The Urban Soundscapes of the World database currently contains about 130 high-quality audiovisual recordings performed within 9 cities worldwide; more recordings are underway. One-minute fragments are available online. Contact us in case you need fragments of longer duration. The recordings are free to use for research and educational purposes.
Each recording consists of a 360-degree video file (4096 x 2048 resolution, 30 fps), a 4-channel first-order ambisonics (ACN/SN3D) audio file and/or a binaural audio file. All audio files have a sample rate of 48 kHz and are 24-bit PCM encoded. All audio and video files are time-synchronized. A YouTube preview is available for all recordings.
Recordings are made during the day, in favorable weather conditions with little to no wind. Note that the recordings always present a snapshot in time.

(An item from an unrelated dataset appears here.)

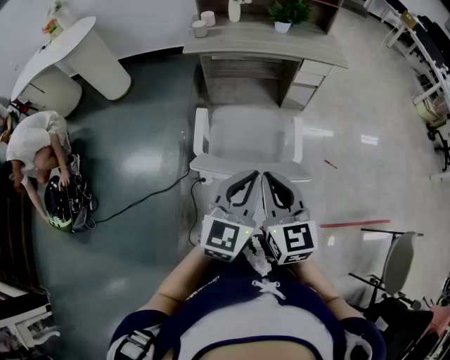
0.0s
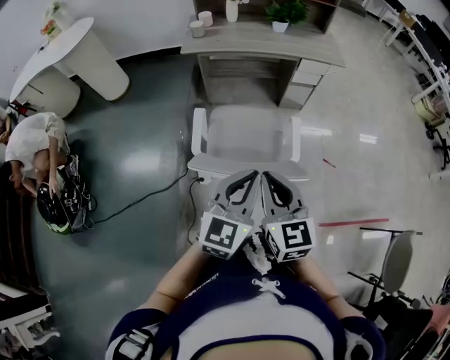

Combined and simultaneous audio and video recordings are performed using a portable, stationary recording setup as shown on the picture. The setup consists of the following components (from top to bottom):
- First order ambisonics: Core Sound TetraMic with windshield and Tascam DR-680 MkII 4-channel recording device;
- 360-degree video camera: GoPro Omni spherical camera system.
- Binaural audio: HEAD acoustics HSU III.2 artificial head with windshield and SQobold 2-channel recording device;
The ears of the artificial head, the video camera system and the ambisonics microphone are located at heights of about 1.5m, 1.7m and 1.9m, respectively. The recording setup is highly portable and takes only about 10 minutes to assemble/disassemble.
At each location, the recording system is oriented towards the most important sound source and/or the most prominent visual scene—this orientation defines the initial frontal viewing direction for the 360-degree video and ambisonics recordings, and the fixed orientation for the binaural recordings.
All audio files are calibrated to the same reference, so once you have your playback setup calibrated, it can be used to play all files. The Excel file below contains the one-minute LAeq values of the binaural recordings (average of left and right channel and left and right channels separately). These values are the most representative for the LAeq at the location.
The second column presents the LAeq of the mono mix (superposition) of both left and right channels of the binaural recording. Note that this is not necessarily the same as the (energetic) average of the LAeq’s of both left and right channels separately, because both channels are to some degree correlated (depending on the diffuseness of the sound field). This explains why the (energetic) average of the third and fourth column will not always exactly correspond to the value in the second column, but the difference is usually small. Roughly speaking, the larger the difference, the more the sound at both ears is correlated.
More details on the recording setup and protocol can be found in our publications. Note that some publications contain LAeq values that were calculated from the ambisonics recordings (W channel). There is not really a standard way of calculating LAeq values from ambisonics recordings, so these are maybe less suitable to use in most cases.